Unpredictable cuts to Europe's feed-in tariff schemes for solar energy threaten the recession-hit renewable sector with disaster, the head of the solar industry’s business association has told EURACTIV.
An economic slowdown worsened by strong global competition – particularly from China – has increased reluctance among banks to lend to solar energy firms.
That in turn could spell calamity if investor uncertainty over the future pricing of solar electricity was factored in, said Reinhold Buttgereit, secretary-general of the European Photovoltaic Industry Association.
“We need a stable support scheme, not one you can only trust for 4-8 weeks,” he said, adding that a low but stable tariff would settle frayed investor nerves.
“In Germany over the last few weeks we’ve seen discussion about immediately stopping support schemes or reducing them by almost 50%,” he said. “This would be a real disaster for the industry.”
Last year saw a record-breaking expansion of solar power centred on Germany and Italy. But as equipment prices fell, swingeing cuts to feed-in tariffs – de-facto government subsidies – were announced across the continent.
In Berlin, tariff reductions of up to 30% were brought forward to 1 April. A few days later, the German company Q-Cells became the fourth solar power firm to file for bankruptcy in as many months.
Buttgereit said that he expected the current recession to last for another year or more.
Solar thermal energy firms which use the sun’s power to generate heat are facing a “special form of the general crisis” that is afflicting the photovoltaic (PV) sector, said Xavier Noyon, secretary-general of the European Solar Thermal Industry Federation.
“We rely very much on the dynamics of the building construction and renovation sector, which has collapsed in countries like Spain that have solar obligation for new builds,” he told EURACTIV.
“It has affected us dramatically.”
If an obligation on public authorities to renovate 3% of Europe’s buildings were removed from the current draft of the EU’s Energy Efficiency Directive, it would be “a real drawback,” Noyon added.
One potential growth area for solar thermal may be in China where Noyon said “there is more solar thermal capacity installed than PV worldwide”.
Beijing’s solar conquest
But how to deal with Beijing’s rapid conquest of the global solar energy market is an issue that divides Europe’s renewables industry leaders, some of whom have pushed for strong “anti-dumping” measures against allegedly over-subsidised PV panels.
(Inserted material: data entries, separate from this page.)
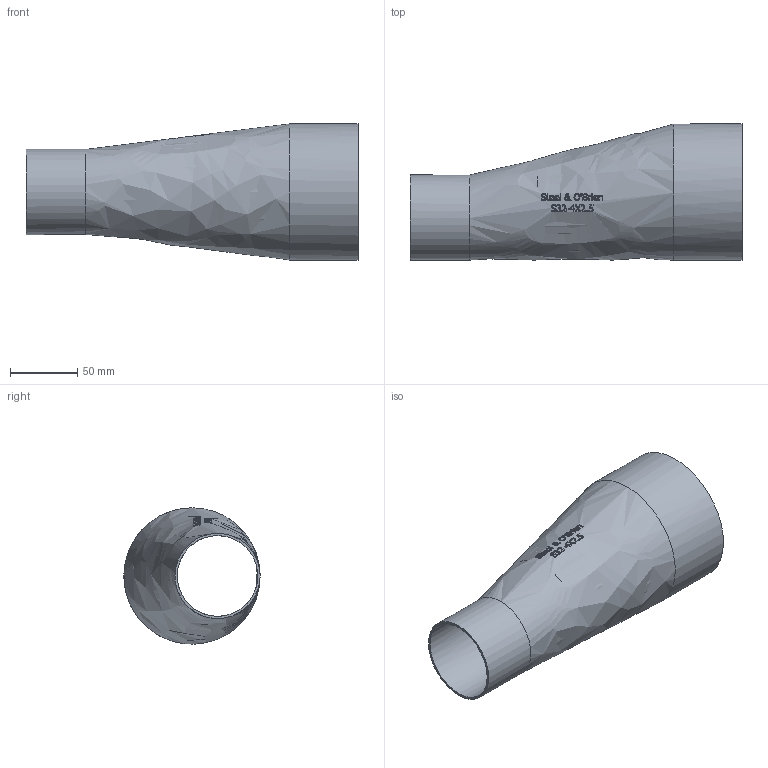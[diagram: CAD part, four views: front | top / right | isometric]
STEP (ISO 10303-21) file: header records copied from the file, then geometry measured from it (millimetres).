
FILE_DESCRIPTION(/* description */ (''),/* implementation_level */ '2;1');
FILE_NAME(/* name */ 'S32-4X25.stp',/* time_stamp */ '2018-11-28T14:30:49-05:00',/* author */ ('rick'),/* organization */ (''),/* preprocessor_version */ 'ST-DEVELOPER v15.2',/* originating_system */ 'Autodesk Inventor 2014',/* authorisation */ '');
FILE_SCHEMA (('AUTOMOTIVE_DESIGN { 1 0 10303 214 3 1 1 }'));
Length unit declared in the file: inch
Products named in the file (1): S32-4X25
Bounding box: 247.65 x 101.59 x 101.59 mm (x, y, z)
Volume: 118201 mm3; surface area: 128270 mm2
Topology: 1 solids, 1 shells, 380 faces, 1059 edges, 708 vertices
Faces by surface type: bspline 229, plane 147, cylinder 4
Full cylindrical faces by diameter (mm): 60.198 x1, 63.5 x1, 97.384 x1, 101.6 x1
Entity records: 15745 total; most frequent: CARTESIAN_POINT 7791, ORIENTED_EDGE 2102, EDGE_CURVE 1051, DIRECTION 848, VERTEX_POINT 704, B_SPLINE_CURVE_WITH_KNOTS 552, EDGE_LOOP 413, ADVANCED_FACE 380

Much of Europe’s excess capacity in solar panels is believed to have been caused by the overspill of a renewables boom that China says is needed for it to meet its climate obligations.
Following a US decision to back import tariffs against solar panels last month, momentum for an EU trade complaint is reported to be building. Buttgereit took a balanced position.
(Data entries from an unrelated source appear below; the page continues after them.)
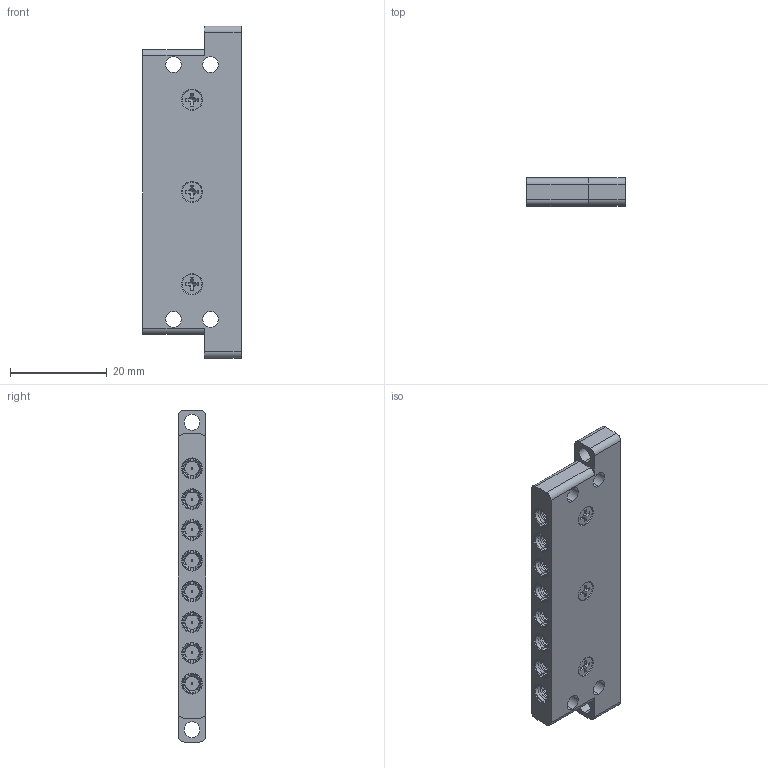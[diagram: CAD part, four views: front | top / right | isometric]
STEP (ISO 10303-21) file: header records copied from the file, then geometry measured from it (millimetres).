
FILE_DESCRIPTION (( 'STEP AP214' ), '1' );
FILE_NAME ('SMP 8-WAY ATTENUATOR.STEP', '2020-06-09T16:54:35', ( '' ), ( '' ), 'SwSTEP 2.0', 'SolidWorks 2016', '' );
FILE_SCHEMA (( 'AUTOMOTIVE_DESIGN' ));
Length unit declared in the file: inch
Products named in the file (1): SMP 8-WAY ATTENUATOR
Bounding box: 20.32 x 5.71 x 68.58 mm (x, y, z)
Volume: 6393 mm3; surface area: 9216 mm2
Topology: 21 solids, 21 shells, 1681 faces, 4604 edges, 3045 vertices
Faces by surface type: cylinder 668, plane 364, bspline 313, cone 272, torus 64
Entity records: 159143 total; most frequent: CARTESIAN_POINT 98402, ORIENTED_EDGE 9184, DIRECTION 6941, EDGE_CURVE 4592, VERTEX_POINT 3045, AXIS2_PLACEMENT_3D 2704, EDGE_LOOP 1823, DIMENSIONAL_EXPONENTS 1704

“To be frank, without global competition and cheap Chinese PV modules, we wouldn’t be as close to grid parity as we are today,” he said, referring to the tipping point where renewables become competitive with fossil fuels.
The real problem was “the lack of a European industrial policy”, he said, as China was poised to become the world’s most important renewable energy market within two years.
However, if Europe’s debate became focused on German taxpayers financing jobs in China, “this discussion will also be dangerous for China itself,” he added, “because it will risk the public acceptance of PV in Europe.”